*What you will do*.
The data below should be printed in full, exactly, and without any of its images.

[[ The data, beginning ]]

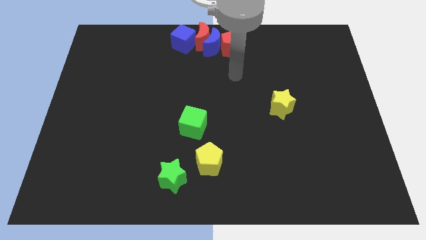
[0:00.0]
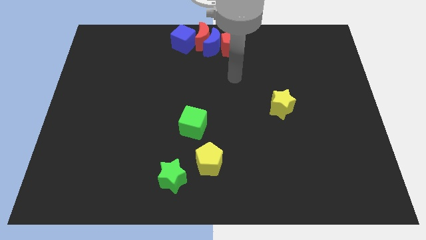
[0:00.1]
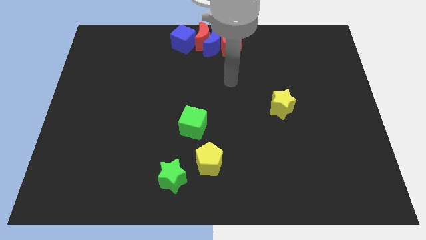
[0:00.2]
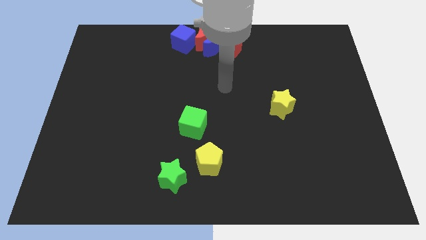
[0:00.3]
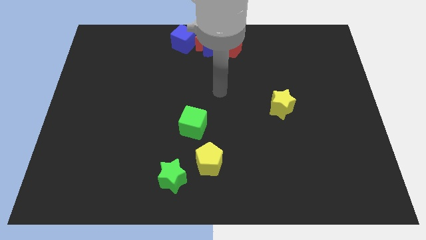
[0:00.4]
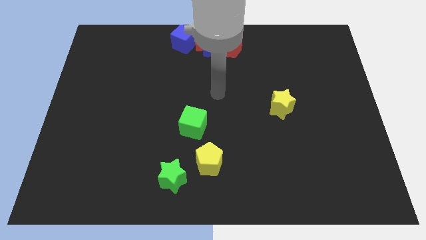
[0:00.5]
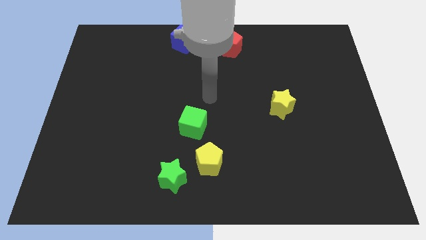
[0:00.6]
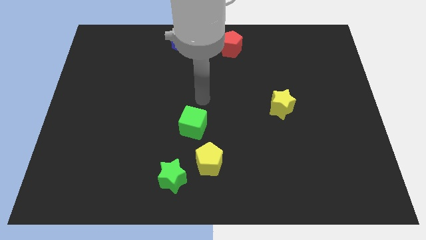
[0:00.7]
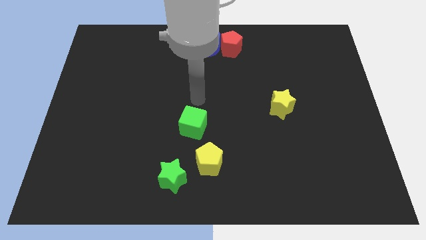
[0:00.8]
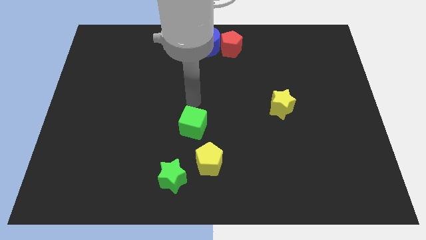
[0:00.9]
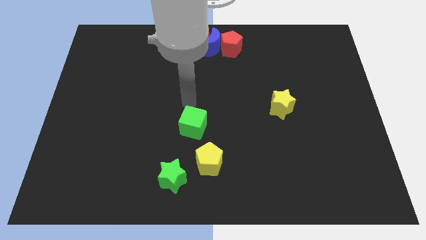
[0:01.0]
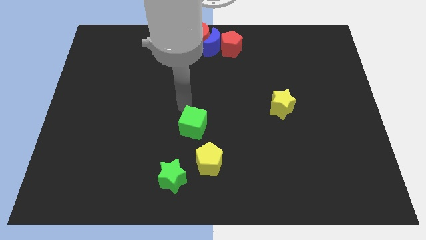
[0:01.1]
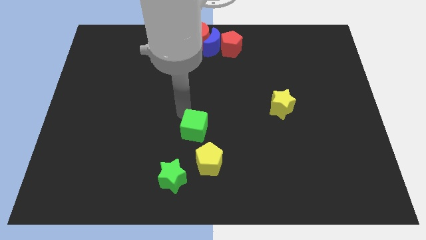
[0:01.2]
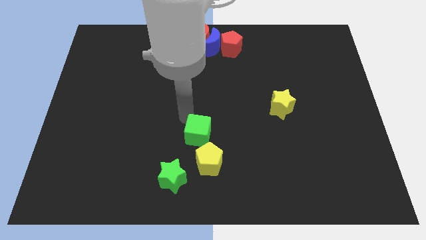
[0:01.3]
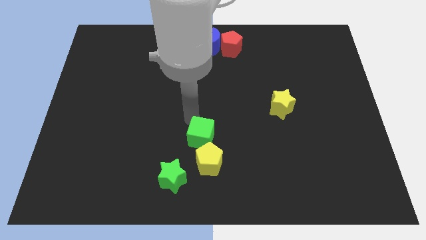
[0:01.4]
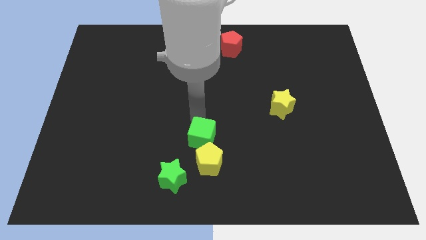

[[ The data, end ]]

*Result for this task*.
[0:00.0]
[0:00.1]
[0:00.2]
[0:00.3]
[0:00.4]
[0:00.5]
[0:00.6]
[0:00.7]
[0:00.8]
[0:00.9]
[0:01.0]
[0:01.1]
[0:01.2]
[0:01.3]
[0:01.4]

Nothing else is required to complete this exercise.